Please copy every line with the string "place" from the entries below.
··· GIVEN INFORMATION ···
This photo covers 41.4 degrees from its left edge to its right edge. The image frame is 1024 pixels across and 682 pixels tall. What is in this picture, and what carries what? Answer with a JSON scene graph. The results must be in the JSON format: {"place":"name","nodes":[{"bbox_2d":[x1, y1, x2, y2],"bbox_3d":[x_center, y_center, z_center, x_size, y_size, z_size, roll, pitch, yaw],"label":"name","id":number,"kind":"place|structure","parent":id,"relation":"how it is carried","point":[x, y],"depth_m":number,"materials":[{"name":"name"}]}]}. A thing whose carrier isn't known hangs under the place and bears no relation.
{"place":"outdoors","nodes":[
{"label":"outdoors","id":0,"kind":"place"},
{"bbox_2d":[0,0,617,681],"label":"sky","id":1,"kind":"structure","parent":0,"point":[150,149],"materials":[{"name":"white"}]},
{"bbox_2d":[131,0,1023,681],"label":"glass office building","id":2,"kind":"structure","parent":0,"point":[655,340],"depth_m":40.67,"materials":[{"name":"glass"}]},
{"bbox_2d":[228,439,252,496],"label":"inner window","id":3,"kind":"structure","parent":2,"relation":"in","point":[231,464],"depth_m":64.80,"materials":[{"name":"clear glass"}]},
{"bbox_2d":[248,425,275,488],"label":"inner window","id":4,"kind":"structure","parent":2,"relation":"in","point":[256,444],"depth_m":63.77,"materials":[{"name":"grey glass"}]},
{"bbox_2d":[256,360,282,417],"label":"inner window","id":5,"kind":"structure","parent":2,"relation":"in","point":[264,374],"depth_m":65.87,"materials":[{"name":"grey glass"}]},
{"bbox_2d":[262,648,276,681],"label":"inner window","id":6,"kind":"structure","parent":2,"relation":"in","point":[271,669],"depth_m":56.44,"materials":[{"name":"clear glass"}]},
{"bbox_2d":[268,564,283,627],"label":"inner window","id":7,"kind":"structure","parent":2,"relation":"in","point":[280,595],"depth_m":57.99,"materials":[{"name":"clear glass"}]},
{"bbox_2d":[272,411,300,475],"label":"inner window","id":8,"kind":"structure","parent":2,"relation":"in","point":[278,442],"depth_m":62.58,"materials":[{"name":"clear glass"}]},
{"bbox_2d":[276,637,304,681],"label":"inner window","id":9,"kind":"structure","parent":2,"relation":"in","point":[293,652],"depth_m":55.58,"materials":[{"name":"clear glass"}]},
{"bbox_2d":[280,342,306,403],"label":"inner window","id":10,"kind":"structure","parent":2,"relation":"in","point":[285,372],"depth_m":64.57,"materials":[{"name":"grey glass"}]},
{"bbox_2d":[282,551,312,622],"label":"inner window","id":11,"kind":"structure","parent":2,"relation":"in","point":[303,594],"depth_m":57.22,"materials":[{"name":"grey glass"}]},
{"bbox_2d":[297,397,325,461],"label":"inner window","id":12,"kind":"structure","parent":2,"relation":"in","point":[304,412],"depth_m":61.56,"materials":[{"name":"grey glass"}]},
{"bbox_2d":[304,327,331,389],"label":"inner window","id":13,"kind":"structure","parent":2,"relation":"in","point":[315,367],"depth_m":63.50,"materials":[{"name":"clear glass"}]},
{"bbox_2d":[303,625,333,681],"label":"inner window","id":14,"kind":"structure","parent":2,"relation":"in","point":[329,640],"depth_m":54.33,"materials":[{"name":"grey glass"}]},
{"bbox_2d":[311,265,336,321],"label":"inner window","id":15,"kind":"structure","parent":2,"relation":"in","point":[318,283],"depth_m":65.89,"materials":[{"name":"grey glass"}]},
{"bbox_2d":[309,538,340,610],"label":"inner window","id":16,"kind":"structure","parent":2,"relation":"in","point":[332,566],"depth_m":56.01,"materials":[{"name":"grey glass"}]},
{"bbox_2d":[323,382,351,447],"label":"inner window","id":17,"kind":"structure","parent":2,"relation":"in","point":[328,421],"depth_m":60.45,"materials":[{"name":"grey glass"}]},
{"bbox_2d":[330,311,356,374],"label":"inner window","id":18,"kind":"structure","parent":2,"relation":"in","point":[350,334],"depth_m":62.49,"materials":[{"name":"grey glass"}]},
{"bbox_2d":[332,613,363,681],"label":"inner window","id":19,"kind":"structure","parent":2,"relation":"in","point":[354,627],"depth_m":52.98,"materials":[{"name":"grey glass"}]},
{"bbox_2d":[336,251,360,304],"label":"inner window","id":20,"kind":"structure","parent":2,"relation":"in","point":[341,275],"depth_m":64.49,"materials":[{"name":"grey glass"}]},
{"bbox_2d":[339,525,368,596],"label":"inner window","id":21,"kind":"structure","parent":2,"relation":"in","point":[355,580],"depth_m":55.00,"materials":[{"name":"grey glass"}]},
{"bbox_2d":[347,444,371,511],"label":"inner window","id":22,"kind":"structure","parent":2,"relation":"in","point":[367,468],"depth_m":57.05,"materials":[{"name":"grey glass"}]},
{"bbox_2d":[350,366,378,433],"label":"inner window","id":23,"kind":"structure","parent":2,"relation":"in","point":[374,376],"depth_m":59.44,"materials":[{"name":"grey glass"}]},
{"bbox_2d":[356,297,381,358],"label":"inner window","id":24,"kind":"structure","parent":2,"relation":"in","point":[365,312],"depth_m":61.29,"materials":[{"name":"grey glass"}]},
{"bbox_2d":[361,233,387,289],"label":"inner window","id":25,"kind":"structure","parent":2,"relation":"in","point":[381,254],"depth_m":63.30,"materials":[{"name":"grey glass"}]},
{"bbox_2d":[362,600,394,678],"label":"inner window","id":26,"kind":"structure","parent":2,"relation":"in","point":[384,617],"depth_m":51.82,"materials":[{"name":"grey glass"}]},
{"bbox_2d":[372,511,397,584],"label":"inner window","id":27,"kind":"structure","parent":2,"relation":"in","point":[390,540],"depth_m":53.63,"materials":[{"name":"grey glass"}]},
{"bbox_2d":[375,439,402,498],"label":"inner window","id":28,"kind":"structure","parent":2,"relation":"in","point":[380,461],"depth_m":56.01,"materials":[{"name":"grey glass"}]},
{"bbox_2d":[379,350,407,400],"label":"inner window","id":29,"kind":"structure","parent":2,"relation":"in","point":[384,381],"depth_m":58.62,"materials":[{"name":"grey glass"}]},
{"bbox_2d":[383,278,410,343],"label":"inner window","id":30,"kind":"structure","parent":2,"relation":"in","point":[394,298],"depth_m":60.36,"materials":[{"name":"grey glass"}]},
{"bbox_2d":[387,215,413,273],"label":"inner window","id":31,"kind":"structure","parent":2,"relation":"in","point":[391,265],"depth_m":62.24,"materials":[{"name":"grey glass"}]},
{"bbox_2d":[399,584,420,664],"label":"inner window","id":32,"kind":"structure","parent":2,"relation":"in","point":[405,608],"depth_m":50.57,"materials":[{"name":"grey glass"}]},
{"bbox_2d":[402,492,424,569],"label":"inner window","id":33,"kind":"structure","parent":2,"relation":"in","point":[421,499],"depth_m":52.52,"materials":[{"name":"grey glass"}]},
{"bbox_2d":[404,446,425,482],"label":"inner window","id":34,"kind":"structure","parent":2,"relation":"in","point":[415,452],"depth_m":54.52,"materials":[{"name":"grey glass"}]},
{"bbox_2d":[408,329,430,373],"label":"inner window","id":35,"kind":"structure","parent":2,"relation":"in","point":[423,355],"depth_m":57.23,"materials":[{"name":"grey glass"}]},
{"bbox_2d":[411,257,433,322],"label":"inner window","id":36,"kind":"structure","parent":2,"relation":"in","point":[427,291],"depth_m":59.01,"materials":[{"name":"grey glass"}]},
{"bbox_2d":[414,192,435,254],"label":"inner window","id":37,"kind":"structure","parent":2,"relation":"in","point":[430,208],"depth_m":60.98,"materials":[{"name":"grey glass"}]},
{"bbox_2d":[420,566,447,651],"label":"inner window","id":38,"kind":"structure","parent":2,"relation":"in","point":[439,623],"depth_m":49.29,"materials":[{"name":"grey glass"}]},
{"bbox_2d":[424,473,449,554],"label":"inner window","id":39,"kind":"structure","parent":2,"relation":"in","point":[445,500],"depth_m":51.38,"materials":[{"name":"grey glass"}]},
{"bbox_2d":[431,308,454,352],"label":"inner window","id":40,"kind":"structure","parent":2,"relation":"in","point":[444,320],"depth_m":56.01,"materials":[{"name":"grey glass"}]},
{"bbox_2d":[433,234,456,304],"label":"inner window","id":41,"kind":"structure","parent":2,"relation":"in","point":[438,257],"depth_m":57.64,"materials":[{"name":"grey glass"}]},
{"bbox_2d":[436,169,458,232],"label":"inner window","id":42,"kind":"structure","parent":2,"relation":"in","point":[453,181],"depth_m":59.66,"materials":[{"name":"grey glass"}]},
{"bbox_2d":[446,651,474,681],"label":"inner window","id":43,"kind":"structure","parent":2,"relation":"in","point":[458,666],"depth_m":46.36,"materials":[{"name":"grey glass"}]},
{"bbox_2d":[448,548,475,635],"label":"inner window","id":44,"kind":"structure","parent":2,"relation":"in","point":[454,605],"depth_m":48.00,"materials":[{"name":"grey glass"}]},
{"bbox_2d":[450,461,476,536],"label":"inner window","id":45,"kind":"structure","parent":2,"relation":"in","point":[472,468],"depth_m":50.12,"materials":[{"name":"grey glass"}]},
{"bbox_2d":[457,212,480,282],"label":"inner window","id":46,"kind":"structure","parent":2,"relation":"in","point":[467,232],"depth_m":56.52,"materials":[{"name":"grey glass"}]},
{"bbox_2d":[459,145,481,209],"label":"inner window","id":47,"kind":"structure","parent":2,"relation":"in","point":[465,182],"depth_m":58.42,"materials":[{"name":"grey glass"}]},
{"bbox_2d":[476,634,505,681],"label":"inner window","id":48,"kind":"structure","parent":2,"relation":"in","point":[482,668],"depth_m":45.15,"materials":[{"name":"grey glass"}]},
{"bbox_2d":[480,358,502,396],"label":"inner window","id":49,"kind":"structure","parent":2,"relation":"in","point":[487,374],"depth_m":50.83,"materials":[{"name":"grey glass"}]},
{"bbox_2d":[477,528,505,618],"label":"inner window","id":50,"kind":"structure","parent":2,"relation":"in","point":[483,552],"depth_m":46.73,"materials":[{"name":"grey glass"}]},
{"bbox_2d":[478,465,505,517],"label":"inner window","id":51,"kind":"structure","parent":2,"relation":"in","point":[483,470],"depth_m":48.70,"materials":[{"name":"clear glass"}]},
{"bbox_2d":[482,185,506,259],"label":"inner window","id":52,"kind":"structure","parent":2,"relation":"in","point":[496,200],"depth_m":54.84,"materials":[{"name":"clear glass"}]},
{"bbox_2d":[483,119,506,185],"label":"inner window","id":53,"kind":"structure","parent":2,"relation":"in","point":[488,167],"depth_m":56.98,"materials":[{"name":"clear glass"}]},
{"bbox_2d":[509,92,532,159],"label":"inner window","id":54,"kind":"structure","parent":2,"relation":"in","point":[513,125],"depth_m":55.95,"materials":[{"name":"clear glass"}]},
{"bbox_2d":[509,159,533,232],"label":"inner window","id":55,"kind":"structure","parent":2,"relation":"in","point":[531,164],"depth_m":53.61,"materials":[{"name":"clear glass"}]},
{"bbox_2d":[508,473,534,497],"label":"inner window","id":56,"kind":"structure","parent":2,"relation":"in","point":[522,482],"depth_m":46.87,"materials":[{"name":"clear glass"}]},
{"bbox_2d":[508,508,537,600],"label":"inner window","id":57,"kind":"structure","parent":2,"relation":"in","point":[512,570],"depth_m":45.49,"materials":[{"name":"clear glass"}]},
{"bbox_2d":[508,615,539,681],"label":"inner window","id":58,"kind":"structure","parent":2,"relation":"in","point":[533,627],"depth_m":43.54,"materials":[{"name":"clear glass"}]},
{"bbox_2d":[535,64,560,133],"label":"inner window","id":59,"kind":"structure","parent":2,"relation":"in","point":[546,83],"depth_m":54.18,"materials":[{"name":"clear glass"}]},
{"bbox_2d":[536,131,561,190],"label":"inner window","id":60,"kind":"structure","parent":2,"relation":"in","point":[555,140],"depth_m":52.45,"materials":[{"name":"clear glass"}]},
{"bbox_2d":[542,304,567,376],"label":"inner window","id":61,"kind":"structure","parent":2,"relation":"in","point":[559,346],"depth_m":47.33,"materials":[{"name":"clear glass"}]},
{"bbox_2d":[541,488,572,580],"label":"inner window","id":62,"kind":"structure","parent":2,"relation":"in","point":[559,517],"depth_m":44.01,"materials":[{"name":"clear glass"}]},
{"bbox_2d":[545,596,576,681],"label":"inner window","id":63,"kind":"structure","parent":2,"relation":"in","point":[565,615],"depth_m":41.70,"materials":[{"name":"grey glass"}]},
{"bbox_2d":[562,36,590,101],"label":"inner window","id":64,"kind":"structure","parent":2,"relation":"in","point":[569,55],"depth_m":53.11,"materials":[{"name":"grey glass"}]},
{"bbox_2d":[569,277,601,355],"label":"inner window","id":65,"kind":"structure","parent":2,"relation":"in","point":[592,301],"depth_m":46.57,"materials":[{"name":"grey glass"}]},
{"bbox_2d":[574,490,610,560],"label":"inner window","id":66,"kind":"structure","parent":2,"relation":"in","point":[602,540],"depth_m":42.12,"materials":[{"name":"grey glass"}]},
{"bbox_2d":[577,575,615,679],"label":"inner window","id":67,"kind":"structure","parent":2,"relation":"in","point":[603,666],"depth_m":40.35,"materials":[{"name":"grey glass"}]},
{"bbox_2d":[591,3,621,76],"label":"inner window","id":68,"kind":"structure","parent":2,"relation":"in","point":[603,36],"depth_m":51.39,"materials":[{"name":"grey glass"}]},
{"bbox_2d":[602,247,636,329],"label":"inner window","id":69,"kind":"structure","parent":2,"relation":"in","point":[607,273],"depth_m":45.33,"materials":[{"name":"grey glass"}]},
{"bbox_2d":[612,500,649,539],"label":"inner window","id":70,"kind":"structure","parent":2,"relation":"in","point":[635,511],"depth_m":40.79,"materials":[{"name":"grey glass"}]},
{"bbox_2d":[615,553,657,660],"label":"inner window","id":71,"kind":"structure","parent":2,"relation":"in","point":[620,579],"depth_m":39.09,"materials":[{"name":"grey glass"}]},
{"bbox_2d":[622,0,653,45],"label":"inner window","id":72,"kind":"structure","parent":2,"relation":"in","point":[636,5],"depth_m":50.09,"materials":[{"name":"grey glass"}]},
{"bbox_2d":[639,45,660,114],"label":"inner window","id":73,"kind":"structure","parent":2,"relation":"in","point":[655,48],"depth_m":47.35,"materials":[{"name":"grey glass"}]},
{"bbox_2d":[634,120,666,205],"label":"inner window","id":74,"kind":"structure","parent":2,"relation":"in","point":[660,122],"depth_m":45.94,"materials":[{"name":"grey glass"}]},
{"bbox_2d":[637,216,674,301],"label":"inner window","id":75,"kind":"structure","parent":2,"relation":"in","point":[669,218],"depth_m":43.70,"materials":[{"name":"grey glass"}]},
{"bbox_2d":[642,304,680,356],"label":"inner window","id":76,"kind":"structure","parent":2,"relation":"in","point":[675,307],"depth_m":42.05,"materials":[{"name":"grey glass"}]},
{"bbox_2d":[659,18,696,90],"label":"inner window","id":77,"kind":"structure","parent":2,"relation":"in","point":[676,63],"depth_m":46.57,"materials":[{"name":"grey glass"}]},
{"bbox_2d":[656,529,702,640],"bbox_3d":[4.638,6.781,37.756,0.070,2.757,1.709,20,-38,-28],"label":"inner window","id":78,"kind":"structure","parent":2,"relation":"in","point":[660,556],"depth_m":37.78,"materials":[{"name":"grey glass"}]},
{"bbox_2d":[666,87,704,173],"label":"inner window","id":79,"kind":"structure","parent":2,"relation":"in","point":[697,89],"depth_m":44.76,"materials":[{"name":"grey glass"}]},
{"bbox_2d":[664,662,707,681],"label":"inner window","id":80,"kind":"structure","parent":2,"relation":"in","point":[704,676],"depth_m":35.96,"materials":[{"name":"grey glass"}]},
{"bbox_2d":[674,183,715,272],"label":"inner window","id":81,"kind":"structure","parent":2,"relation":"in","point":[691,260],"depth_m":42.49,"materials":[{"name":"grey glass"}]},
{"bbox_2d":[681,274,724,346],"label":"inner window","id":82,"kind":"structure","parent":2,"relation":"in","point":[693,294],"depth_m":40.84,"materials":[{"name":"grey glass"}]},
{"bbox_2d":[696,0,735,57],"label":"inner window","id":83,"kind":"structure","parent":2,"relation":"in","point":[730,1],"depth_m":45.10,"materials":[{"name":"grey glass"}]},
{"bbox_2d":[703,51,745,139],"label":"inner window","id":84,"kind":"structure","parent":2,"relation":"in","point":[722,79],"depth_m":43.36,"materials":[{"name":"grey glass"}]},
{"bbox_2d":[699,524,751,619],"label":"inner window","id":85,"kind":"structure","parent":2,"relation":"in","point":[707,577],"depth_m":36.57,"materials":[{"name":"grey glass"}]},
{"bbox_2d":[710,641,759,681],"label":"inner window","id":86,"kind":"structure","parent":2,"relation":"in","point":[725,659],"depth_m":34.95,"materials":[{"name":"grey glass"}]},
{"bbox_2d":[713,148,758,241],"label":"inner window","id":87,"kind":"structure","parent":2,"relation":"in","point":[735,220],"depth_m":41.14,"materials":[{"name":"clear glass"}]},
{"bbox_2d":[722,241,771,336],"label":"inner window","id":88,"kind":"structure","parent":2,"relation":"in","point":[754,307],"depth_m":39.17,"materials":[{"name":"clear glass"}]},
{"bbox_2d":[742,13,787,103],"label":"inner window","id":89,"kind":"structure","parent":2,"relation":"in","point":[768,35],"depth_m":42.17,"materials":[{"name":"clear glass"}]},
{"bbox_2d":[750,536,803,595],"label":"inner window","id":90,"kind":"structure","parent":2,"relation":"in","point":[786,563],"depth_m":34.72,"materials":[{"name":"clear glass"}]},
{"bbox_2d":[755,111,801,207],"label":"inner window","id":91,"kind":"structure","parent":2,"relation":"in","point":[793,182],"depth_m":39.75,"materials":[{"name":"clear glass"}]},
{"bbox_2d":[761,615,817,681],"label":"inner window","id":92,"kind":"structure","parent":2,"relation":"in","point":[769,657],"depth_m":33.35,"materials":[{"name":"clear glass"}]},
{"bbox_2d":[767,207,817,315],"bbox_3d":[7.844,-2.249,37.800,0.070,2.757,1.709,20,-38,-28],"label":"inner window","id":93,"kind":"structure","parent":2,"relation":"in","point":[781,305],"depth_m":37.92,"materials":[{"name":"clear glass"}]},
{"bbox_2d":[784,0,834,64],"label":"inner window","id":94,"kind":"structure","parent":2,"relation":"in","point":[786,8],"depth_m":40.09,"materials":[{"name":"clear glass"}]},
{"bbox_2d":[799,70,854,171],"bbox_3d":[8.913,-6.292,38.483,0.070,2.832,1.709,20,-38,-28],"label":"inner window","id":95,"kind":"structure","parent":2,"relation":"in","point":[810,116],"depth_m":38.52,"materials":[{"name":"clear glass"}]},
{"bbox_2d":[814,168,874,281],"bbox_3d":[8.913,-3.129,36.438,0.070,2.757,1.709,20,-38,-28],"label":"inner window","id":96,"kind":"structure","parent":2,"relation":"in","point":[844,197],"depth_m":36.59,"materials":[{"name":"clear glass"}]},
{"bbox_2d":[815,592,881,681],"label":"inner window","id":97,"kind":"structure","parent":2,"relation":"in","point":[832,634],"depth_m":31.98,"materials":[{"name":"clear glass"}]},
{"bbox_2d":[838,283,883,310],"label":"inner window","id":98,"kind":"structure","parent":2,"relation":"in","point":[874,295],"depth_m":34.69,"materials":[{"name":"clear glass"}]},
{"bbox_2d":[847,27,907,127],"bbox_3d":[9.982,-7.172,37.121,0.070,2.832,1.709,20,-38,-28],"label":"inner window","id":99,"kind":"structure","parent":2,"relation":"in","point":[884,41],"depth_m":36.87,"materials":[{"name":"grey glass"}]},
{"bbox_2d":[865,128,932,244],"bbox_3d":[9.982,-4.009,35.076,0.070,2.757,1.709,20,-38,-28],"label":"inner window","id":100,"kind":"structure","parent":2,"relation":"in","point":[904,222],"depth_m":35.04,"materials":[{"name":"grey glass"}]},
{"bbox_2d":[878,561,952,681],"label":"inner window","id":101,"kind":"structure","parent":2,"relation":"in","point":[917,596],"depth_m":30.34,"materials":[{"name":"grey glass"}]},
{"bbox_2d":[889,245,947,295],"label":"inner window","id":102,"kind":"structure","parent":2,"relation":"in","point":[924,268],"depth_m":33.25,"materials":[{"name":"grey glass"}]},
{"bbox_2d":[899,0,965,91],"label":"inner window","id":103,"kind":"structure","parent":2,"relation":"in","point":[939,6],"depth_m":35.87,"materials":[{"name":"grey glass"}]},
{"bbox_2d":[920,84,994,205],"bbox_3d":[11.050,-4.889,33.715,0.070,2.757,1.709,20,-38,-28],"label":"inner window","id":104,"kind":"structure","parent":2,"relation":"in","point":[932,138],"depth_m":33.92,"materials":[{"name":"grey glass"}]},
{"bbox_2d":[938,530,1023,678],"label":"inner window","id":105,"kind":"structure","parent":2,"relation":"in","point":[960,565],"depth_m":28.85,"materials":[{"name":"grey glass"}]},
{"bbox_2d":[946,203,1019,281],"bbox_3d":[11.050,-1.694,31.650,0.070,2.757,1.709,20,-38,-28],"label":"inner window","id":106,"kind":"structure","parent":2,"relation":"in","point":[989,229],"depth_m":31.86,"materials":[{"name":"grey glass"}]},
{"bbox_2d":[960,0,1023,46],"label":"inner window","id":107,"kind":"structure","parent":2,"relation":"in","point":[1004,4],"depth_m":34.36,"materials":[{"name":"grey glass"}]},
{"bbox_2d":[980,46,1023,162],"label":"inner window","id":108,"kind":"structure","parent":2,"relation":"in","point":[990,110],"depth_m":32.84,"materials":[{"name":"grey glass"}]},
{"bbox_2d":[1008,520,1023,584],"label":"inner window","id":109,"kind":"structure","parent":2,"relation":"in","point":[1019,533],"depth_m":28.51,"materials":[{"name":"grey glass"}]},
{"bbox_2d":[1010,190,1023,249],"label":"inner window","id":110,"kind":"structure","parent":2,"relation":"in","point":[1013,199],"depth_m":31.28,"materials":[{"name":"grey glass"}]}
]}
···
### [EXERCISE RESPONSE]
This photo covers 41.4 degrees from its left edge to its right edge. The image frame is 1024 pixels across and 682 pixels tall. What is in this picture, and what carries what? Answer with a JSON scene graph. The results must be in the JSON format: {"place":"name","nodes":[{"bbox_2d":[x1, y1, x2, y2],"bbox_3d":[x_center, y_center, z_center, x_size, y_size, z_size, roll, pitch, yaw],"label":"name","id":number,"kind":"place|structure","parent":id,"relation":"how it is carried","point":[x, y],"depth_m":number,"materials":[{"name":"name"}]}]}. A thing whose carrier isn't known hangs under the place and bears no relation.
{"place":"outdoors","nodes":[
{"label":"outdoors","id":0,"kind":"place"},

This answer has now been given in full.